## WORK REQUEST
Write out the opening lines of the data word for word, up to and including the line with "wire state_integration = state", and leave every picture and every later line out.
START MATERIAL PROVIDED
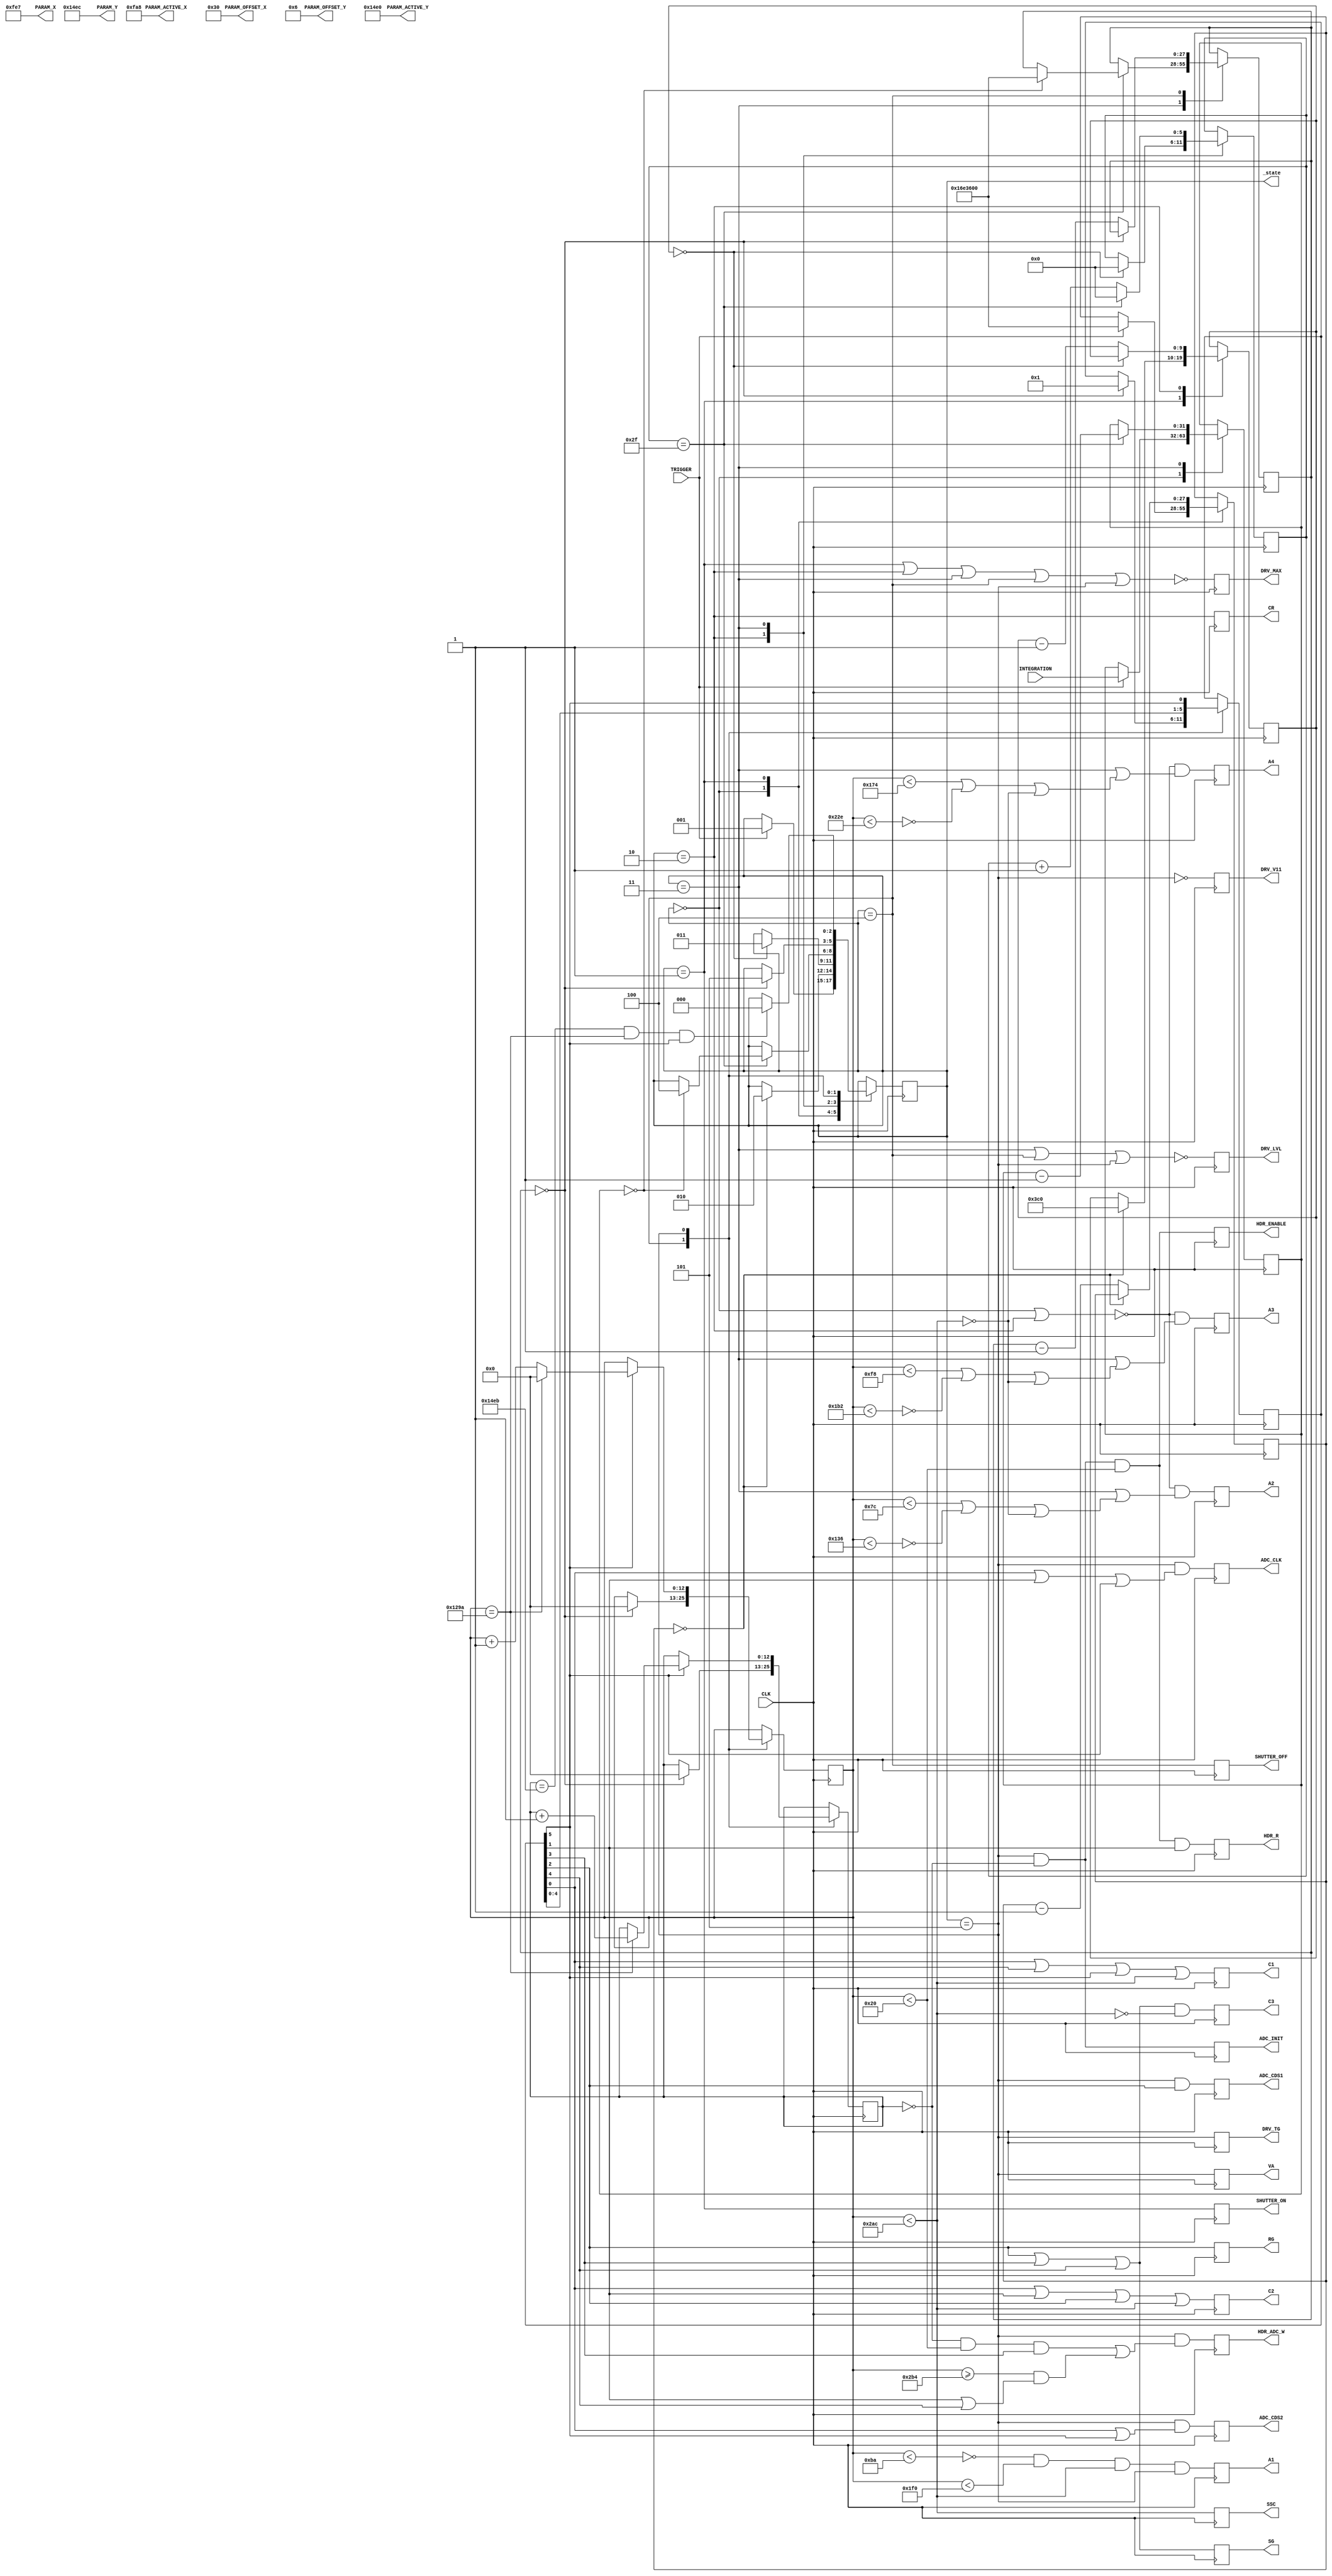
`timescale 1ns / 1ps
module FT4052C(
    input wire CLK,
    
    input wire [31:0] INTEGRATION,
    input wire TRIGGER,
    
    output wire CR,
    output wire VA,
    
    output wire SSC,
    output wire A1,
    output wire A2,
    output wire A3,
    output wire A4,
    
    output wire C3,
    output wire C1,
    output wire C2,
    output wire SG,
    output wire RG,
    
    output wire HDR_ENABLE,
    output wire HDR_R,
    
    output wire HDR_ADC_W,
    
    output wire ADC_CLK,
    output wire ADC_CDS1,
    output wire ADC_CDS2,
    output wire ADC_INIT,
    
    output wire DRV_MAX,
    output wire DRV_V11,
    output wire DRV_TG,
    output wire DRV_LVL,
    
    // params
    output wire [15:0] PARAM_X,
    output wire [15:0] PARAM_Y,
    output wire [15:0] PARAM_ACTIVE_X,
    output wire [15:0] PARAM_ACTIVE_Y,
    output wire [15:0] PARAM_OFFSET_X,
    output wire [15:0] PARAM_OFFSET_Y,

    output wire SHUTTER_ON,
    output wire SHUTTER_OFF,
    
    output wire [2:0] _state
    //output wire [31:0] _counter,
    //output wire [12:0] _x, 
    //output wire [12:0] _y 
    );
    
    // width = 4763 cols
    // height = 5356 rows
    // view 4271 * 5356 = 22875476, 45750952 (*2), 45750968 (+16), 2BA1AB8
    // INTEGRATION = time of integration in microseconds
    
    // finite state machine
    reg [2:0] state; // 0-idle, 1-shutter on, 2-reset, 3-integration, 4-shutter off, 5-readout
    reg [5:0] microsecond;
    reg [31:0] counter;
    reg [9:0] reset;
    reg [27:0] period_on;
    reg [27:0] period_off;
     
    wire state_idle = state == 3'b000;
    wire state_on = state == 3'b001;
    wire state_reset = state == 3'b010;
    wire state_integration = state == 3'b011;
    wire state_off = state == 3'b100;
    wire state_readout = state == 3'b101;
    
    // phaser (divide clock to 6 phases [0..5])
    reg [5:0] phaser;
    
    // pixel phases
    wire c3 = phaser[2] || phaser[3] || phaser[4];     
    wire c1 = phaser[0] || phaser[4] || phaser[5];     
    wire c2 = phaser[0] || phaser[1] || phaser[2]; 
    wire sg = phaser[2] || phaser[3] || phaser[4]; 
    wire rg = phaser[2];
    
    // horizontal
    reg [12:0] x;
    wire x_32 = x < 32;
    wire x_124 = x < 124;
    wire x_186 = x < 186;
    wire x_248 = x < 248;
    wire x_310 = x < 310;
    wire x_372 = x < 372;
    wire x_434 = x < 434;
    wire x_496 = x < 496;
    wire x_558 = x < 558;
    wire x_684 = x < 684;
    wire x_692_n = x >= 692;
    
    wire a1 = !x_186 &&  x_496  &&  x_684;  //186,496
    wire a2 = (x_124 || !x_310) || !x_684;  //124,310
    wire a3 = (x_248 || !x_434) || !x_684;  //248,434
    wire a4 = (x_372 || !x_558) || !x_684;  //372,558
    wire ssc = x_684;
    
    // vertical
    reg [12:0] y;
    wire y_0 = y == 0;
    
    
    // finite state machine
    always @ (posedge CLK)
    begin
        case (state)
        0:begin
            // idle
            if (TRIGGER == 1'b1)
            begin
                state <= 1; // to shutter on
                counter <= INTEGRATION;
                period_on <= 24000000; // shutter on, 4 800 000 clocks (100ms) 
            end   
        end
        1:begin
            // shutter on
            if (period_on == 0)
            begin
                state <= 2; // to reset             
                reset <= 960; // reset, 960 clocks (20 microseconds) 
            end else begin
                period_on <= period_on - 1;            
            end            
        end
        2:begin
            // reset (min 10 microseconds)
            if (reset == 0)
            begin
                state <= 3; // to integration             
                microsecond <= 0;
            end else begin
                reset <= reset - 1;            
            end            
        end
        3:begin
            // integration
            if (microsecond == 47)
            begin
                microsecond <= 0;
                counter <= counter - 1;
                if (counter == 0)
                begin
                    state <= 4;            
                    period_off <= 24000000; // shutter off, 4 800 000 clocks (100ms) 
                end  
            end else begin
                microsecond <= microsecond + 1;            
            end
        end
        4:begin
            // shutter off
            if (period_off == 0)
            begin
                phaser <= 6'b000001;
                y <= 0;
                x <= 0;                
                state <= 5; // to readout             
            end else begin
                period_off <= period_off - 1;            
            end            
        end
        5:begin
            // readout
            phaser <= {phaser[4:0], phaser[5]};
            
            if (phaser[5]) 
            begin
                if (x == 4762)
                begin
                    x <= 0;
                    y <= y + 1;            
                end else begin
                    x <= x + 1;    
                end        
            end
            
            if (y == 5355 & x == 4762 & phaser[5])
                state <= 0;
        end
        endcase
    end
    
    
    // final calcs
    reg cr_reg;
    reg va_reg;
    reg ssc_reg;
    reg a1_reg;
    reg a2_reg;
    reg a3_reg;
    reg a4_reg;
    reg c3_reg;
    reg c1_reg;
    reg c2_reg;
    reg rg_reg;
    reg sg_reg;
    reg hdr_enable_reg;
    reg hdr_r_reg;
    reg hdr_adc_w_reg;
    reg adc_clk_reg;
    reg adc_cds1_reg;
    reg adc_cds2_reg;
    reg adc_init_reg;
    reg drv_max_reg;
    reg drv_tg_reg;
    reg drv_v11_reg;
    reg drv_lvl_reg;
    reg shutter_on_reg;
    reg shutter_off_reg;
    
    always @ (posedge CLK)
    begin
        cr_reg <= state_reset;
        va_reg <= state_readout;
        ssc_reg <= ssc;
        a1_reg <= a1 & state_readout;
        a2_reg <= ~(state_idle | state_reset) & (state_integration | a2);
        a3_reg <= ~(state_idle | state_reset) & (state_integration | a3);
        a4_reg <= ~(state_idle | state_reset) & (state_integration | a4);
        c3_reg <= c3 & ~ssc;
        c1_reg <= c1 | ssc;
        c2_reg <= c2 | ssc;
        sg_reg <= sg;
        rg_reg <= rg;
        adc_init_reg <= state_readout & y_0;    
    end
    
    // header
    always @ (posedge CLK)
    begin
        hdr_enable_reg <= state_readout & y_0 & x_32;
        hdr_r_reg <= state_readout & y_0 & x_32 & phaser[1]; 
        hdr_adc_w_reg <= state_readout & ((y_0 & x_32 & phaser[3]) | (x_692_n & (phaser[1] | phaser[4]))); //todo 4 pixels shift 
    end
    
    // ADC
    always @ (posedge CLK)
    begin
        adc_clk_reg <= state_readout & (phaser[0] | phaser[1] | phaser[5]);
        adc_cds1_reg <= state_readout & (phaser[2]);
    end
    always @ (negedge CLK)
    begin
        adc_cds2_reg <= state_readout & (phaser[0] | phaser[5]);
    end
    
    // header
    always @ (posedge CLK)
    begin
        drv_max_reg <= ~(state_on | state_reset | state_integration | state_off | state_readout);
        drv_tg_reg <= state_readout;
        drv_v11_reg <= ~(state_readout);
        drv_lvl_reg <= ~(state_integration | state_off | state_readout);
    end
    
    // shutter
    always @ (posedge CLK)
    begin
        shutter_on_reg <= state_on;
        shutter_off_reg <= state_off;
    end
    
    
    // assignes
    assign CR = cr_reg;
    assign VA = va_reg;
    
    assign SSC = ssc_reg;
    assign A1 = a1_reg;
    assign A2 = a2_reg;
    assign A3 = a3_reg;
    assign A4 = a4_reg;
    
    assign C3 = c3_reg;
    assign C1 = c1_reg;
    assign C2 = c2_reg;
    assign SG = sg_reg;
    assign RG = rg_reg;
    
    assign HDR_ENABLE = hdr_enable_reg;
    assign HDR_R = hdr_r_reg;
    
    assign HDR_ADC_W = hdr_adc_w_reg;
    
    assign ADC_CLK = adc_clk_reg;
    assign ADC_CDS1 = adc_cds1_reg;
    assign ADC_CDS2 = adc_cds2_reg;
    assign ADC_INIT = adc_init_reg;
    
    assign DRV_MAX = drv_max_reg;
    assign DRV_V11 = drv_v11_reg;
    assign DRV_TG = drv_tg_reg;
    assign DRV_LVL = drv_lvl_reg;
    
    // params
    assign PARAM_X = 4071;
    assign PARAM_Y = 5356; 
    assign PARAM_ACTIVE_X = 4008;
    assign PARAM_ACTIVE_Y = 5344;
    assign PARAM_OFFSET_X = 48;
    assign PARAM_OFFSET_Y = 6; 

    // shutter
    assign SHUTTER_ON = shutter_on_reg;
    assign SHUTTER_OFF = shutter_off_reg;
    
    // temporary
    assign _state = state;
    //assign _counter = counter;
    //assign _x = x;
    //assign _y = y;
    
initial 
begin
    phaser <= 6'b000001;
    x <= 0;
    y <= 0;
    state <= 0;
    microsecond <= 0;
    counter <= 0;
    reset <= 0;
    
    hdr_adc_w_reg <= 0;
end    


endmodule
END MATERIAL PROVIDED
## WRITTEN SOLUTION
`timescale 1ns / 1ps
module FT4052C(
    input wire CLK,
    
    input wire [31:0] INTEGRATION,
    input wire TRIGGER,
    
    output wire CR,
    output wire VA,
    
    output wire SSC,
    output wire A1,
    output wire A2,
    output wire A3,
    output wire A4,
    
    output wire C3,
    output wire C1,
    output wire C2,
    output wire SG,
    output wire RG,
    
    output wire HDR_ENABLE,
    output wire HDR_R,
    
    output wire HDR_ADC_W,
    
    output wire ADC_CLK,
    output wire ADC_CDS1,
    output wire ADC_CDS2,
    output wire ADC_INIT,
    
    output wire DRV_MAX,
    output wire DRV_V11,
    output wire DRV_TG,
    output wire DRV_LVL,
    
    // params
    output wire [15:0] PARAM_X,
    output wire [15:0] PARAM_Y,
    output wire [15:0] PARAM_ACTIVE_X,
    output wire [15:0] PARAM_ACTIVE_Y,
    output wire [15:0] PARAM_OFFSET_X,
    output wire [15:0] PARAM_OFFSET_Y,

    output wire SHUTTER_ON,
    output wire SHUTTER_OFF,
    
    output wire [2:0] _state
    //output wire [31:0] _counter,
    //output wire [12:0] _x, 
    //output wire [12:0] _y 
    );
    
    // width = 4763 cols
    // height = 5356 rows
    // view 4271 * 5356 = 22875476, 45750952 (*2), 45750968 (+16), 2BA1AB8
    // INTEGRATION = time of integration in microseconds
    
    // finite state machine
    reg [2:0] state; // 0-idle, 1-shutter on, 2-reset, 3-integration, 4-shutter off, 5-readout
    reg [5:0] microsecond;
    reg [31:0] counter;
    reg [9:0] reset;
    reg [27:0] period_on;
    reg [27:0] period_off;
     
    wire state_idle = state == 3'b000;
    wire state_on = state == 3'b001;
    wire state_reset = state == 3'b010;
    wire state_integration = state == 3'b011;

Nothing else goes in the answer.